Still, a major chunk of attrition is students who wanted to stick around, but couldn’t. Some of them just don’t have the academic wherewithal for college work. Again, these don’t bother me much as a dean (though they’re incredibly irksome as a teacher), because they didn’t really belong here in the first place. The troubling ones are the ones who leave for financial reasons, or personal reasons, or because they just never connected emotionally with either the institution or the goal of graduation.

Some of those personal reasons are beyond anything we can influence: drug or alcohol issues, family crises (you wouldn’t believe some of the family crises!), mental illness, etc. As an open-admission institution, we take all comers, including those with high-drama personal lives. Financial issues are tricky. I used to have a student worker in my office (she graduated) who was constantly struggling to make ends meet; I was sympathetic, until the day she complained that she didn’t have money for lunch because the tanning salon raised its rates again. The tanning salon!

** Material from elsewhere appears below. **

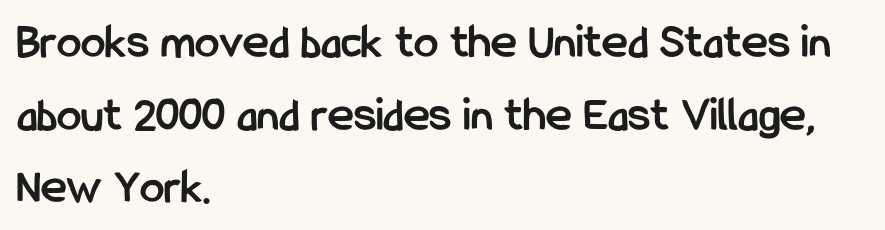
{"serif": "no", "italic": "no", "bold": "yes", "weight": "semibold", "width": "condensed", "stroke_contrast": "low", "x_height": "medium", "monospaced": "no", "underline": "no", "align": "left", "line_spacing": "normal", "line_spacing_ratio": 1.48, "letter_spacing": "normal", "letter_spacing_em": 0.0, "glyph_px": 49}
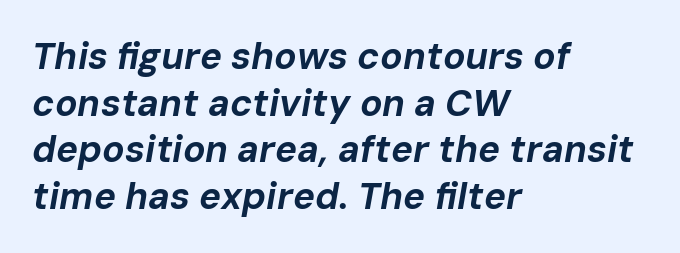
{"italic": "yes", "lean": "right", "slant_degrees": 10, "bold": "yes", "weight": "bold", "width": "normal", "stroke_contrast": "low", "x_height": "medium", "monospaced": "no", "underline": "no", "align": "left", "line_spacing": "normal", "line_spacing_ratio": 1.26, "letter_spacing": "normal", "letter_spacing_em": 0.0, "glyph_px": 37}
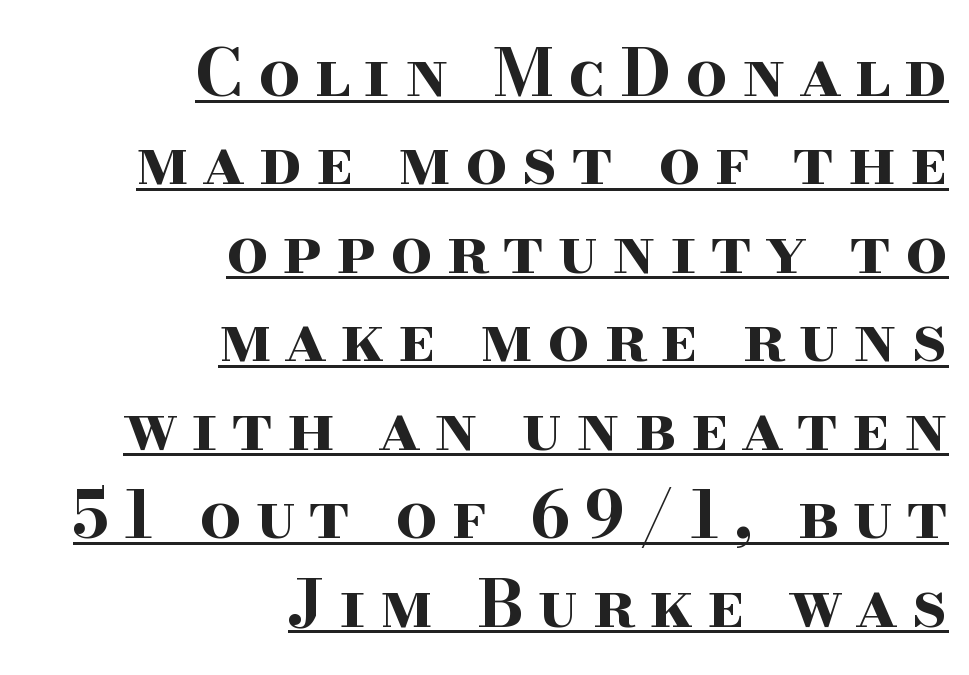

You can lead a horse to water…

From what studies have shown, students who get involved in campus organizations (whether teams, or clubs, or the radio station, or whatever) stick around at much higher rates than those who don’t. I don’t know to what degree this reflects self-selection, but it at least suggests an institutional strategy to improve graduation rates. At a commuter school with students who have jobs, though, there are natural logistical limits to how much club activity there will be. If we had dorms, it would be a different ballgame, but we don’t, and we won’t.

The upshot of all this is that retention is devilishly hard to influence in a sustainable way. So much of it has to do with the ambitions the students brought with them, the level of academic preparedness they bring with them from high school (again, you wouldn’t believe…), their family circumstances, and so on. We can try to minimize some of the bureaucratic inconveniences students face, and we can sponsor clubs and organizations, but most of the low-hanging fruit has long since been picked.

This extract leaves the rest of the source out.